By the way, the Ferraris you see on the road that have the SF shields on the front side panels of the cars stand for Scuderia Ferrari — Team Ferrari. If Enzo was alive today, he would not have let those cars have those shields — the SF shields were reserved for his race-cars — today, the executives at Ferrari use those shields as a marketing option, which costs about $20,000 to have on the car when you order a car.
In the 1960s, his son, Dino, entered the business of Ferrari, and he changed things up — unlike his father, Enzo, Dino didn’t believe in the “horses pulling the cart.” He believed that the engines should be in the rear before the rear axles of the cars; hence, he created the mid-engine Ferraris; and, to boot, unlike his father, Dino liked smaller engines, such as the 4-cyliders, 6-cylinders, and 8-cylinders. Enzo would eventually settle in on the 8-cylinders in the early to mid-1970s. After the mid-1970s, all the Ferraris produced were either 12-cylinders or 8-cylinders. To date, the mid-engine 8-cylinder Ferraris are the most popular products coming out of The Factory in Maranello, Italy. In fact, they were the cars that saved the Ferrari company from going out of business.
When I saw Magnum, P.I., my passion, desires, and want of owning a Ferrari became obsessive; and, I told my father, when I was a teenager, “Dad, I want a Ferrari like Magnum, P.I..”
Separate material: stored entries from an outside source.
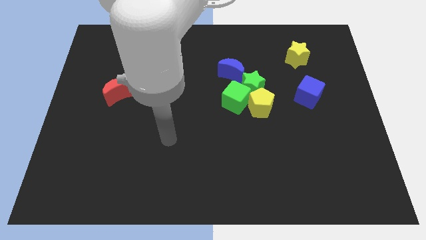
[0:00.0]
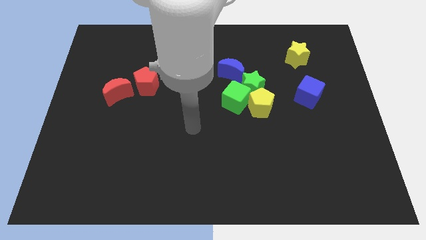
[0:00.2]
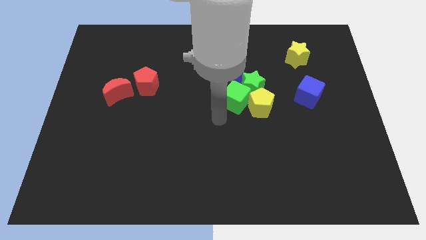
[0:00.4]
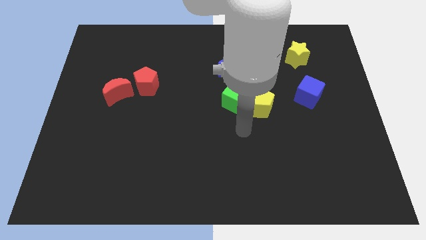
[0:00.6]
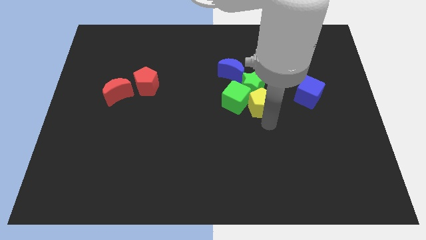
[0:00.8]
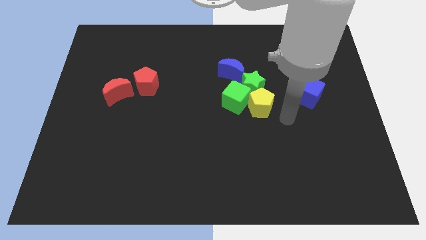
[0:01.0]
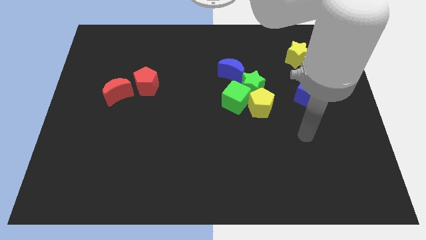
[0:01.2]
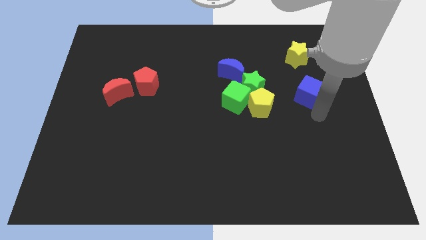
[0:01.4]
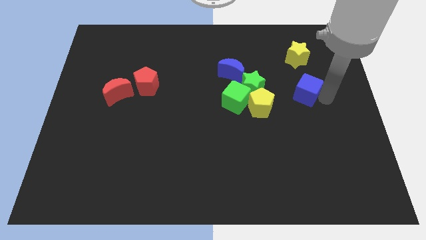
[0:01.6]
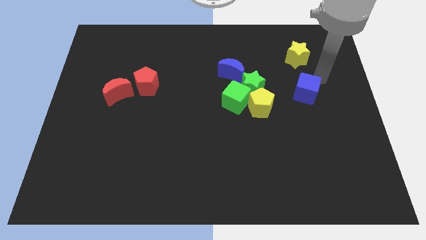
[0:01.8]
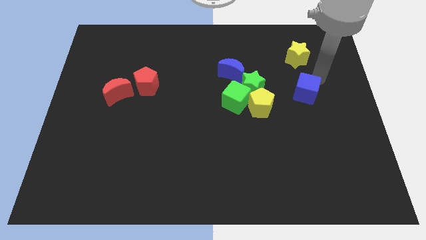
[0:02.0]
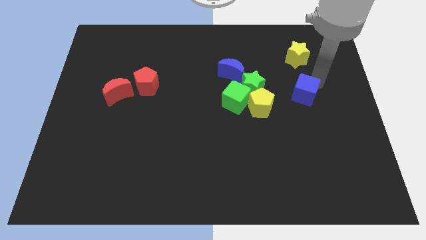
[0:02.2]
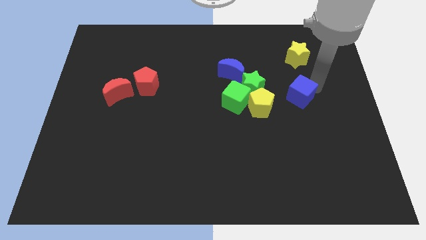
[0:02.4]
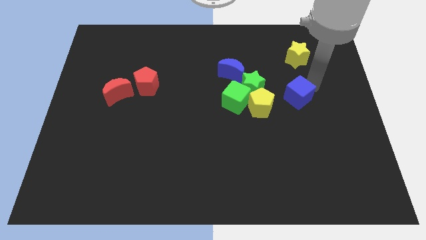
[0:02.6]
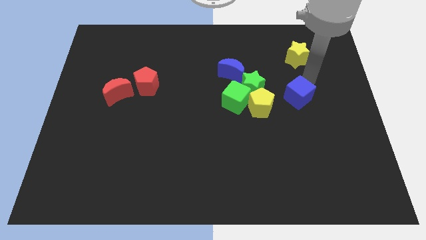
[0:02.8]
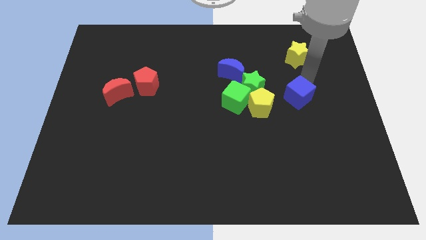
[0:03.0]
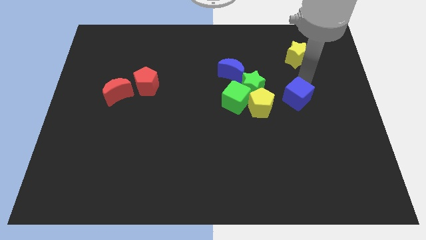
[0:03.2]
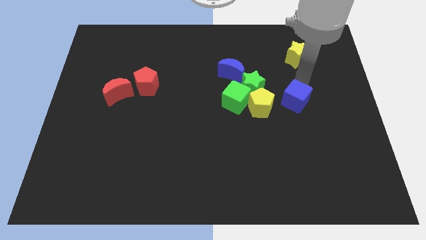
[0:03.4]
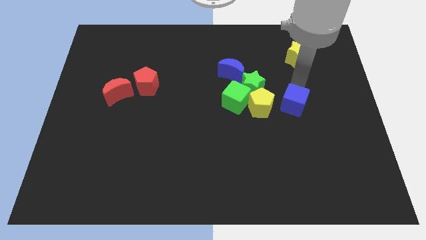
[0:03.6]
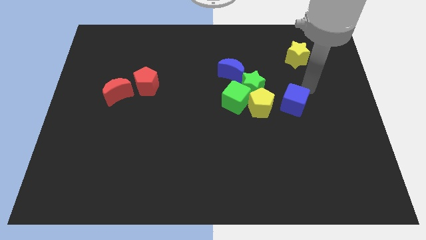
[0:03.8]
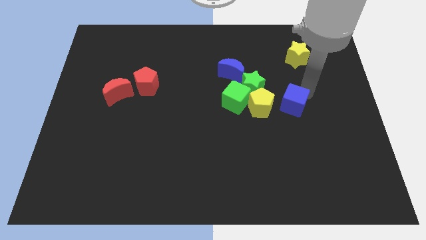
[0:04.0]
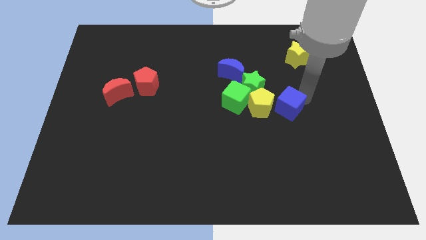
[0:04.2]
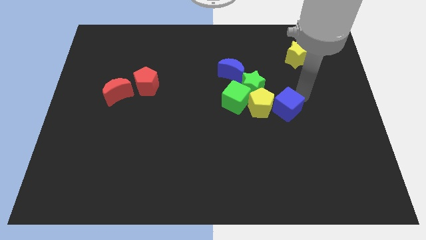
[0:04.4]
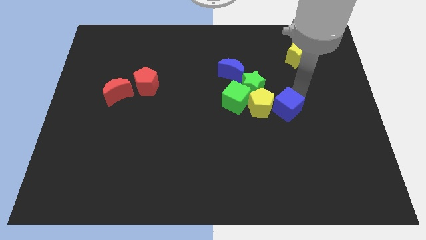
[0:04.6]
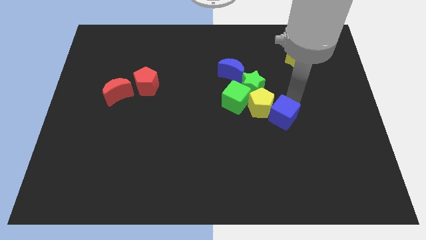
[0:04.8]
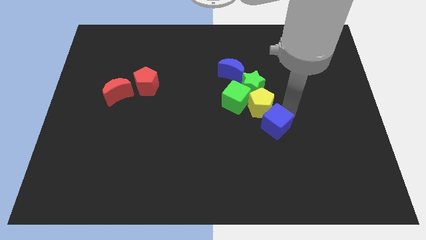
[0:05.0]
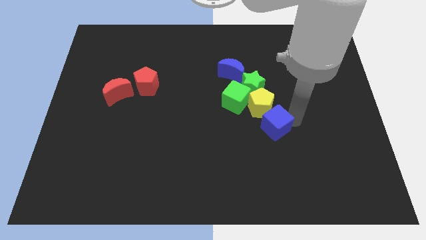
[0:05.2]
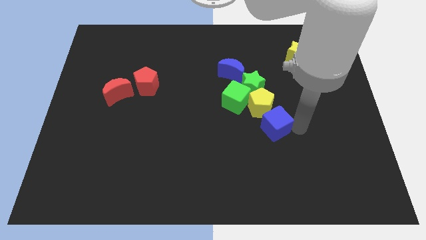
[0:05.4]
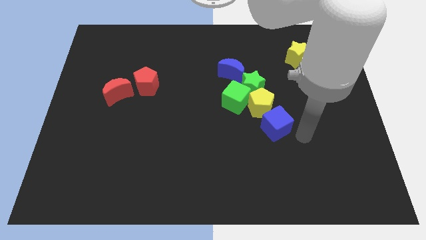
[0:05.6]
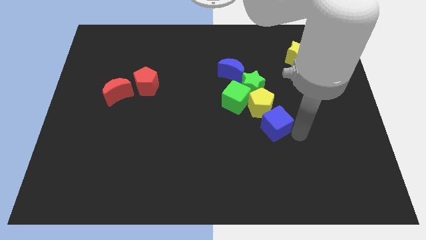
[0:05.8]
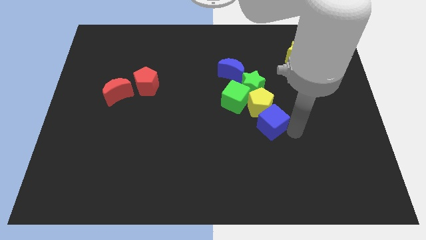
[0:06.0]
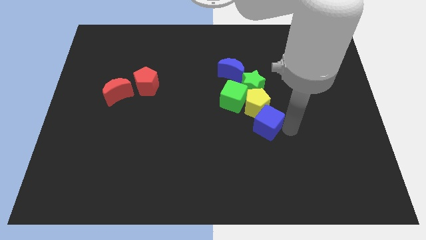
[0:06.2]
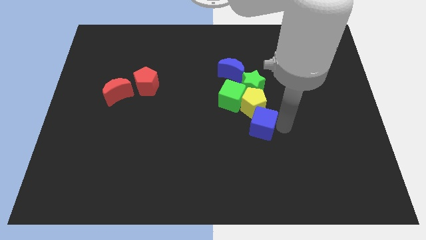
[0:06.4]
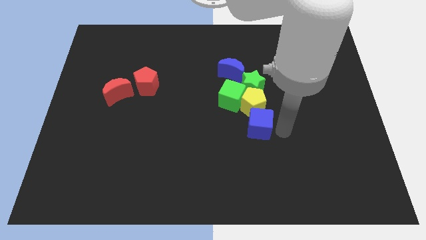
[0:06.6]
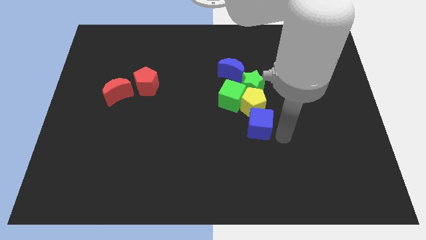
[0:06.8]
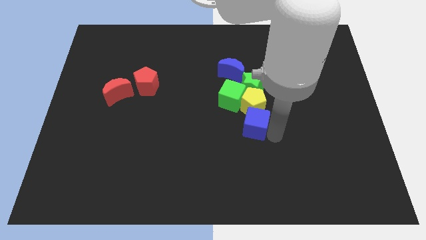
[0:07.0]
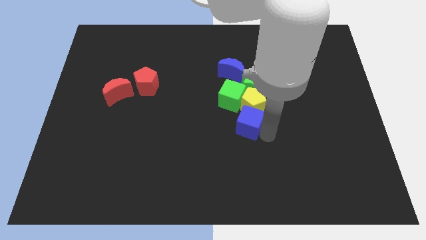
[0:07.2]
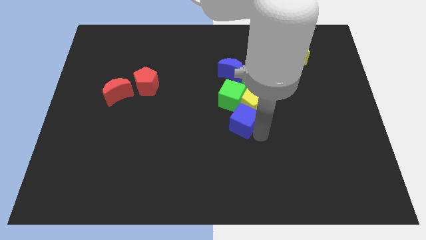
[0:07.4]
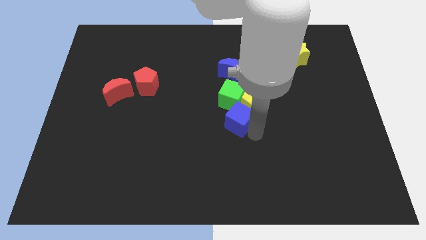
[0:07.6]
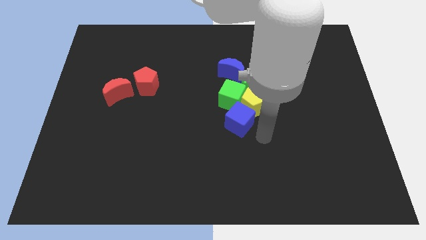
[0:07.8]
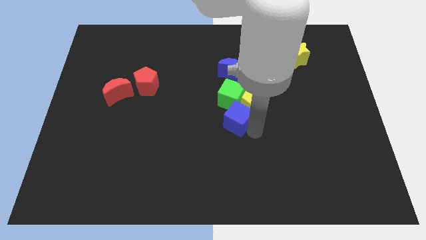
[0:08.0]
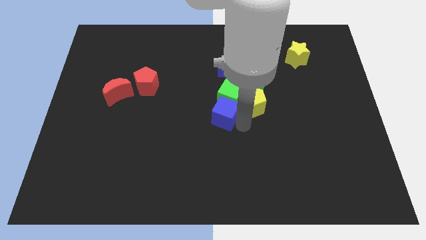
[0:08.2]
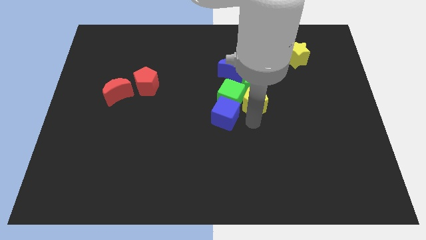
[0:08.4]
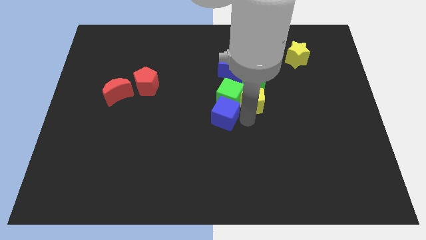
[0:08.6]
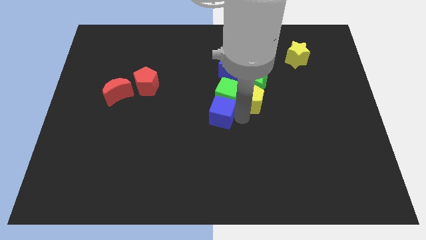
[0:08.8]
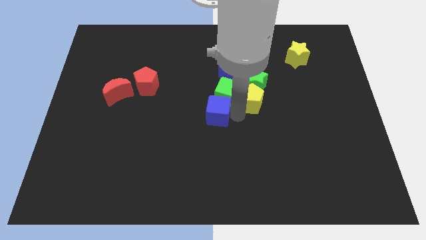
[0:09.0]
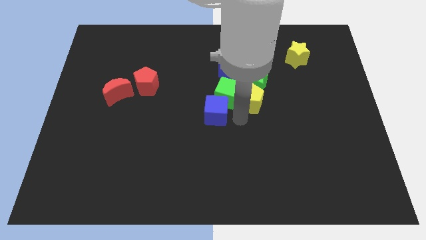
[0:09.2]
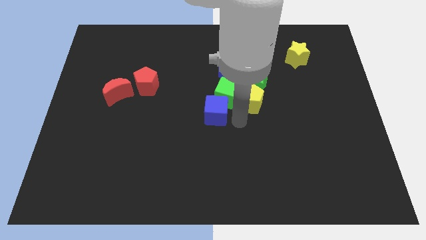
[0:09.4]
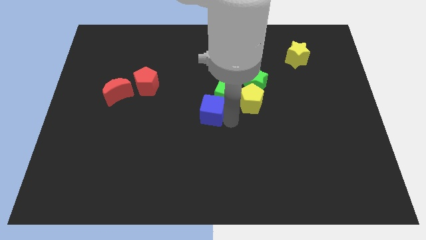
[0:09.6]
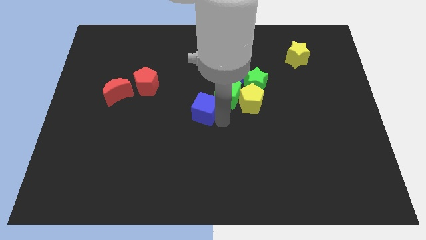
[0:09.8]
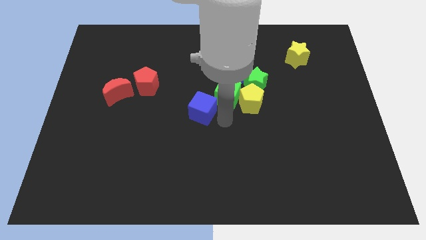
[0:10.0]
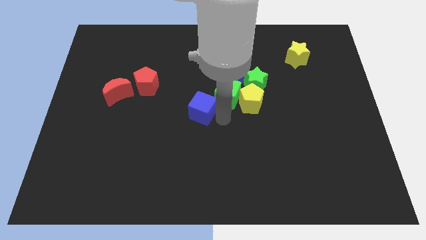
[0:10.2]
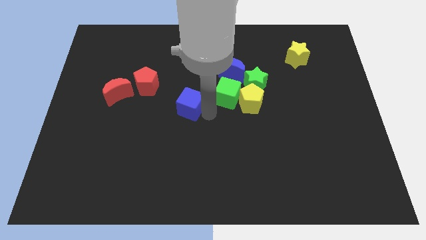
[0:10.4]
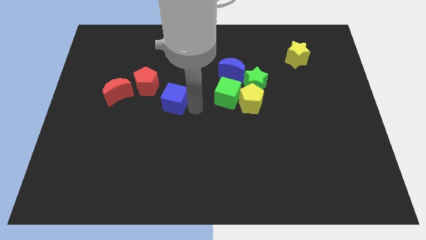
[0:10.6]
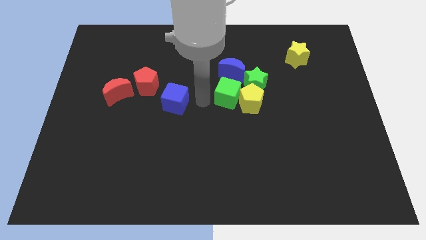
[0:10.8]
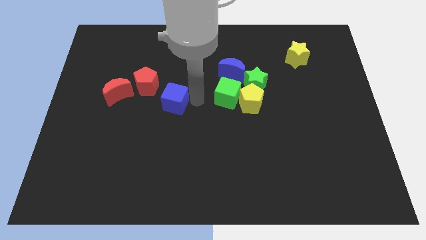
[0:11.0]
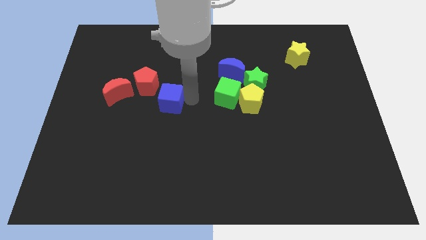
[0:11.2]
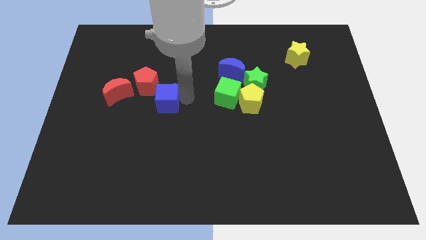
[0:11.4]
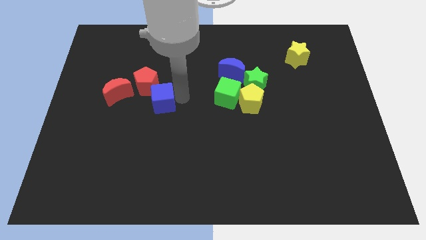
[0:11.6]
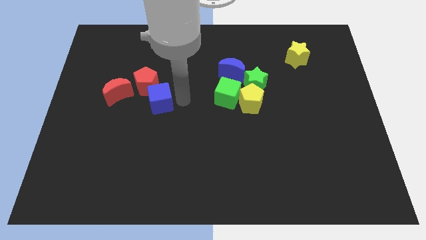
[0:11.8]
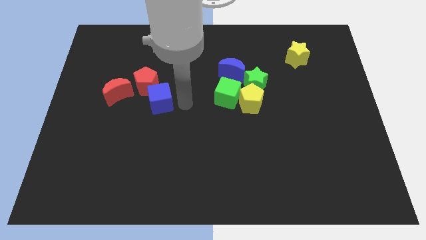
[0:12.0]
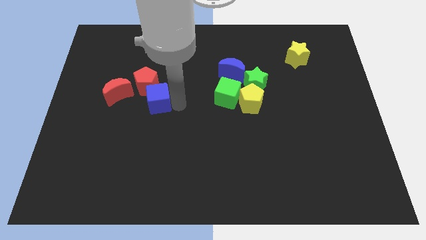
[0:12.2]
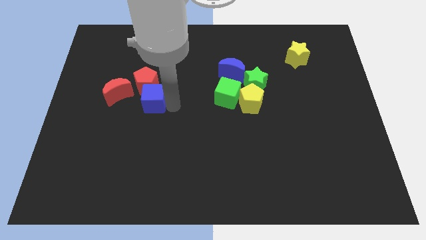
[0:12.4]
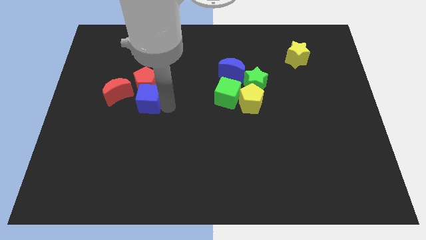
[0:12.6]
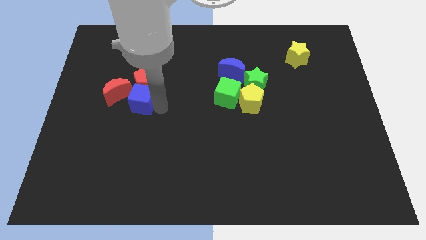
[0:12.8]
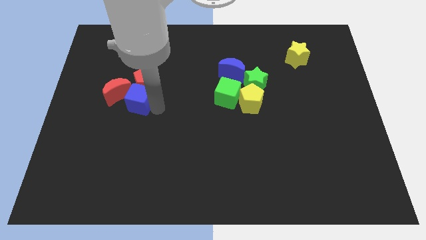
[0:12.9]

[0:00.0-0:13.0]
slide the blue cube next to the red moon

He replied, “How serious are you about this?”
“Very serious, dad.”
“Okay, then lets work on it,” he said in a firm voice. “You’re gonna have to pray to God, and you will need to follow my instructions from this point forward — do we have a deal?”
“Yes, dad — deal!”
From that point on, as a young teenager, I would follow my father’s instructions — I prayed every single night asking, God to help me get my Ferrari. I begged Him with all my mind, heart, and soul; then, the next day, I would follow my father’s instructions and worked hard at whatever he told me to do.
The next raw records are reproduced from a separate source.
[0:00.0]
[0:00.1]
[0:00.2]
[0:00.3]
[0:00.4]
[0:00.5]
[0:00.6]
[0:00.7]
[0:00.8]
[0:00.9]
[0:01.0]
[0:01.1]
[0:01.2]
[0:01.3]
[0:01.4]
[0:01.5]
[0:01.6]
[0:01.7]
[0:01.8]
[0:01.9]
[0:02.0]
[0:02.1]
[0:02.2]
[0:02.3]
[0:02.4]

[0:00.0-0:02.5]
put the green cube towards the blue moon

Years had passed since that conversation with my father; and, finally, I was financially at a point to purchase my first Ferrari. My father sat me down, and we talked about going to the Ferrari dealership with my check-book in hand — one of the requirements my father had was, “all luxury items must be paid in cash — no loans nor credit cards — if you can’t afford a toy, don’t buy it.” My father hated debt — other than a mortgage, everything in our house was purchased in cash.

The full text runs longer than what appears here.